One significant advantage of using a measure function as a similarity measure is that the documents retrieved can be ranked or ordered according to this measure. When the number of documents is large (which is usual), the user can focus on only the top k results (or the system may retrieve only the top k results). This is one of the most outstanding differences between IR and database systems, since in database systems the answer to a query is a set (unordered
collection) of tuples or other elements (even in object-oriented databases, where ordered lists can be returned as answers, the ordering has nothing to do with a notion of ranking; all elements of the answer are equally important and fully justified to be in the answer (Catell et al., 2000)).
To support the efficient implementation of the vector-space concept, most systems rely on the idea of an inverted index (Belew, 2000).

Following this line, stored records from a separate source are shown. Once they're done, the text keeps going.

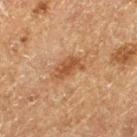Recorded during total-body skin imaging; not selected for excision or biopsy. The lesion is located on the left thigh. The tile uses cross-polarized illumination. A roughly 15 mm field-of-view crop from a total-body skin photograph. The subject is a male approximately 75 years of age. Automated image analysis of the tile measured a footprint of about 7.5 mm², an eccentricity of roughly 0.85, and a shape-asymmetry score of about 0.3 (0 = symmetric). The software also gave a lesion color around L≈42 a*≈19 b*≈31 in CIELAB, a lesion–skin lightness drop of about 8, and a lesion-to-skin contrast of about 7 (normalized; higher = more distinct). Measured at roughly 4.5 mm in maximum diameter.
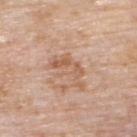Q: Where on the body is the lesion?
A: the upper back
Q: What are the patient's age and sex?
A: male, in their mid-70s
Q: What kind of image is this?
A: total-body-photography crop, ~15 mm field of view
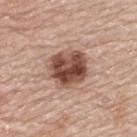The lesion was photographed on a routine skin check and not biopsied; there is no pathology result. Located on the upper back. A roughly 15 mm field-of-view crop from a total-body skin photograph. The patient is a male aged approximately 70.
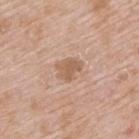Q: Is there a histopathology result?
A: imaged on a skin check; not biopsied
Q: What kind of image is this?
A: 15 mm crop, total-body photography
Q: Illumination type?
A: white-light illumination
Q: What is the lesion's diameter?
A: ~3 mm (longest diameter)
Q: Where on the body is the lesion?
A: the upper back
Q: Patient demographics?
A: male, about 65 years old
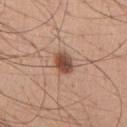Q: Is there a histopathology result?
A: no biopsy performed (imaged during a skin exam)
Q: What are the patient's age and sex?
A: male, in their mid-50s
Q: Where on the body is the lesion?
A: the chest
Q: What is the imaging modality?
A: 15 mm crop, total-body photography
Q: What is the lesion's diameter?
A: ≈3 mm
Q: What lighting was used for the tile?
A: white-light

Given a collection of documents, each document is analyzed as explained earlier (tokenized, and perhaps other additional steps). Then, an index is built by creating a sorted list of terms; for each term, a list of document identifiers (the documents where the term appears) is kept. This is the simplest form of inverted index. One can also keep, for each term and document, the number of occurrences. Or, even more, one can keep the position(s) where the term appears (this makes it possible to support proximity queries, where the user asks that some term appears near others). These indices are very useful as they support both Boolean searches and vector-space searches. However, such an index may grow very large, and it may also be hard to maintain if the collection of documents is not static (in any sense: if the collection grows and shrinks and/or if the documents already in the collection can be edited). Note that in typical IR applications (libraries) the collection is static, but in modern applications (i.e., the Web) this is not the case at all. Therefore, a lot of research has gone into compression and maintenance of the index (Belew, 2000; Chakrabarti, 2003).
To evaluate the performance of an IR system, two main metrics are used: recall and precision. Recall is the ratio of relevant documents that are retrieved to the total number of relevant documents (in other words, the fraction of relevant documents actually retrieved). Precision is the ratio of relevant documents that are retrieved to the total number of retrieved documents (that is, the fraction of documents retrieved that is actually relevant). It is common that when recall increases, precision decreases. That is, when we retrieve more documents, we increase the probability of retrieving more relevant documents, but we also tend to retrieve more irrelevant documents. By convention, if no documents are returned precision is considered 1 but recall is considered 0. As the answer set grows bigger, recall will increase, but precision is likely to decrease.
Note that all these measures depend on knowing the set of all the documents that are truly relevant to a query. In practice, this is very problematic, as it would involve defining relevance and examining the whole collection. Relevance seems to be a subjective concept (what is relevant to one user may not be to another), and thus quite hard to formalize. Therefore, these measures are idealizations. In principle, determining all documents relevant to a query, independent of any particular user, could be achieved with a corpus carefully annotated by a set of diverse experts. However, the effort required to fully annotate large collections, and to ensure that annotations form a consensus, is so large that it is very
infrequent to have such collections. Only the TREC conferences and a few research centers have managed to create collections of this nature (TREC, 2003).